A esse padrão, muitos estudiosos têm chamado de heteronormatividade, cuja base fundadora é a heterossexualidade compulsória (Butler, 2003a). Essa heteronormatividade se complexifica quando associada a outros marcadores sociais como raça, cor, orientação sexual, classe, idade resultando em valores sociais que assumem uma hierarquia, produzindo relações sociais de desigualdade bem como masculinidades, feminilidades, sexualidades e arranjos familiares periféricos, como se pode perceber atualmente no fenômeno das “famílias gays” (Butler 2003b).

Por heteronormatividade, entende-se:

(...) a reprodução de práticas e códigos heterossexuais, sustentada pelo casamento monogâmico, amor romântico, fidelidade conjugal, constituição de família (esquema pai-mãe-filho(a)(s)). Na esteira das implicações da aludida palavra, tem-se o heterossexismo compulsório, sendo que, por esse último termo, entende-se o imperativo inquestionado e inquestionável por parte de todos os membros da sociedade com o intuito de reforçar ou dar legitimidade às práticas heterossexuais. (CALEGARI, 2006) [2].

Assim, compreendendo o padrão de comportamento normativo das sociedades ocidentais como um padrão heteronormativo, interessa-nos pensar de que maneira a mídia, e mais especificamente o jornalismo, contribui para a reprodução e manutenção deste padrão. Assim, o conceito de gênero pode nos ajudar a pensar a heteronormatividade:

[...] a categoria gênero é conformada por duas proposições fundamentais: "é o elemento constitutivo das relações sociais fundadas sobre as diferenças percebidas entre os sexos e o primeiro modo de dar significado às relações de poder" (Scott, 1990, p.16). Esta definição é fundada em concepções cultural e historicamente situadas, partindo de significantes disponíveis na cultura, que são apropriados e aos quais se lhes atribuem sentido. (Cf. BONETTI, 2000:170-171).

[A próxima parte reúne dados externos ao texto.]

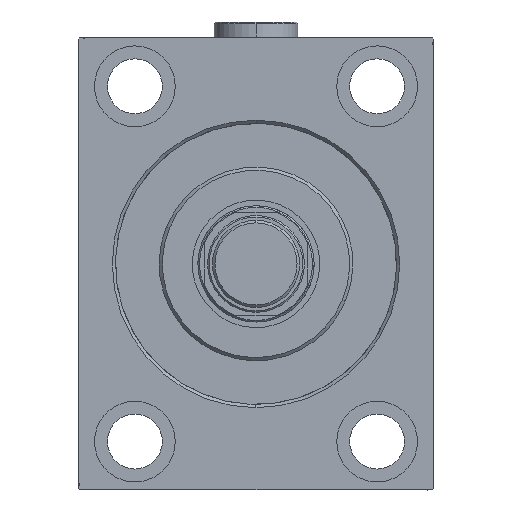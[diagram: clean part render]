
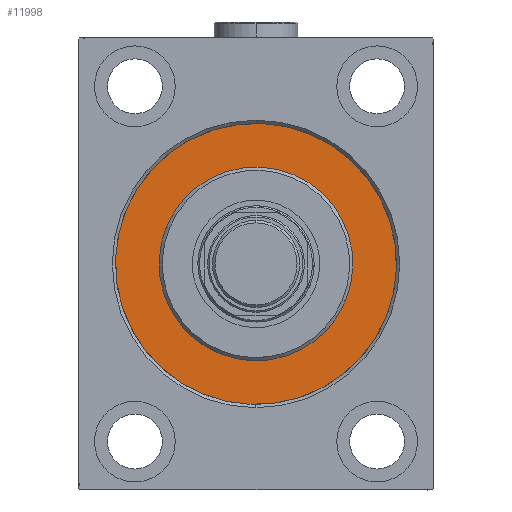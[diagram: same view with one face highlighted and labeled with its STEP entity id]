
A CAD part, left-side view. The second image highlights one B-rep face of the part: STEP entity #11998.
In plain terms, the highlighted face is planar.
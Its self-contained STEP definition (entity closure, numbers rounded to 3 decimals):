
#832 = ORIENTED_EDGE ( 'NONE', *, *, #23437, .F. ) ;
#1259 = DIRECTION ( 'NONE',  ( -1., 0., 0. ) ) ;
#1641 = AXIS2_PLACEMENT_3D ( 'NONE', #8427, #1259, #4958 ) ;
#2673 = DIRECTION ( 'NONE',  ( 0., 0., -1. ) ) ;
#4136 = CIRCLE ( 'NONE', #27767, 30. ) ;
#4874 = DIRECTION ( 'NONE',  ( -1., 0., 0. ) ) ;
#4958 = DIRECTION ( 'NONE',  ( 0., 0., 1. ) ) ;
#4963 = PLANE ( 'NONE',  #33762 ) ;
#5389 = DIRECTION ( 'NONE',  ( 0., 0., -1. ) ) ;
#5559 = CARTESIAN_POINT ( 'NONE',  ( 0., 0., 0. ) ) ;
#8122 = EDGE_LOOP ( 'NONE', ( #10259, #39781 ) ) ;
#8427 = CARTESIAN_POINT ( 'NONE',  ( 0., 0., 0. ) ) ;
#10259 = ORIENTED_EDGE ( 'NONE', *, *, #34966, .F. ) ;
#11904 = DIRECTION ( 'NONE',  ( 0., 0., 1. ) ) ;
#11998 = ADVANCED_FACE ( 'NONE', ( #26501, #33436 ), #4963, .F. ) ;
#21647 = EDGE_CURVE ( 'NONE', #23863, #30451, #33171, .T. ) ;
#22806 = DIRECTION ( 'NONE',  ( -1., 0., 0. ) ) ;
#23078 = CARTESIAN_POINT ( 'NONE',  ( 0., 0., 0. ) ) ;
#23437 = EDGE_CURVE ( 'NONE', #28583, #34534, #36938, .T. ) ;
#23863 = VERTEX_POINT ( 'NONE', #34027 ) ;
#26053 = CARTESIAN_POINT ( 'NONE',  ( 0., 0., 30. ) ) ;
#26236 = DIRECTION ( 'NONE',  ( 1., 0., 0. ) ) ;
#26501 = FACE_BOUND ( 'NONE', #44539, .T. ) ;
#27767 = AXIS2_PLACEMENT_3D ( 'NONE', #23078, #27900, #2673 ) ;
#27900 = DIRECTION ( 'NONE',  ( 1., 0., 0. ) ) ;
#28583 = VERTEX_POINT ( 'NONE', #26053 ) ;
#29879 = DIRECTION ( 'NONE',  ( 0., 0., 1. ) ) ;
#30451 = VERTEX_POINT ( 'NONE', #40824 ) ;
#30587 = CARTESIAN_POINT ( 'NONE',  ( 0., 0., -30. ) ) ;
#33171 = CIRCLE ( 'NONE', #39095, 43.5 ) ;
#33436 = FACE_OUTER_BOUND ( 'NONE', #8122, .T. ) ;
#33743 = ORIENTED_EDGE ( 'NONE', *, *, #45578, .F. ) ;
#33762 = AXIS2_PLACEMENT_3D ( 'NONE', #43622, #22806, #11904 ) ;
#34027 = CARTESIAN_POINT ( 'NONE',  ( 0., 0., 43.5 ) ) ;
#34534 = VERTEX_POINT ( 'NONE', #30587 ) ;
#34966 = EDGE_CURVE ( 'NONE', #30451, #23863, #37137, .T. ) ;
#36938 = CIRCLE ( 'NONE', #39910, 30. ) ;
#37137 = CIRCLE ( 'NONE', #1641, 43.5 ) ;
#39095 = AXIS2_PLACEMENT_3D ( 'NONE', #5559, #4874, #29879 ) ;
#39781 = ORIENTED_EDGE ( 'NONE', *, *, #21647, .F. ) ;
#39910 = AXIS2_PLACEMENT_3D ( 'NONE', #40121, #26236, #5389 ) ;
#40121 = CARTESIAN_POINT ( 'NONE',  ( 0., 0., 0. ) ) ;
#40824 = CARTESIAN_POINT ( 'NONE',  ( 0., 0., -43.5 ) ) ;
#43622 = CARTESIAN_POINT ( 'NONE',  ( 0., 0., 0. ) ) ;
#44539 = EDGE_LOOP ( 'NONE', ( #832, #33743 ) ) ;
#45578 = EDGE_CURVE ( 'NONE', #34534, #28583, #4136, .T. ) ;

O conceito de gênero refere-se aos significados atribuídos a feminilidades e masculinidades, bem como à atribuição de valores empenhados nas mais diversas relações sociais, com potencial de criar relações de desigualdade. Estes valores estão hierarquizados socialmente na heteronormatividade.

A manutenção deste padrão normativo não se dá pela exclusão do discurso sobre a homossexualidade, e sim por torná-la excêntrica, exótica, transformando-a em um “estilo de vida” da minoria da população, reforçando a hegemonia da norma heterossexual. É um discurso discriminatório porque reforça a heteronormatividade também no momento em que leva os homossexuais a quererem aderir a normas e valores entendidos como heterossexuais, como o “casamento” e  adoção de crianças. E é justamente a hierarquização desses atributos, associados a outras marcas identitárias tais como classe e raça, que contribui para o estigma dos homossexuais.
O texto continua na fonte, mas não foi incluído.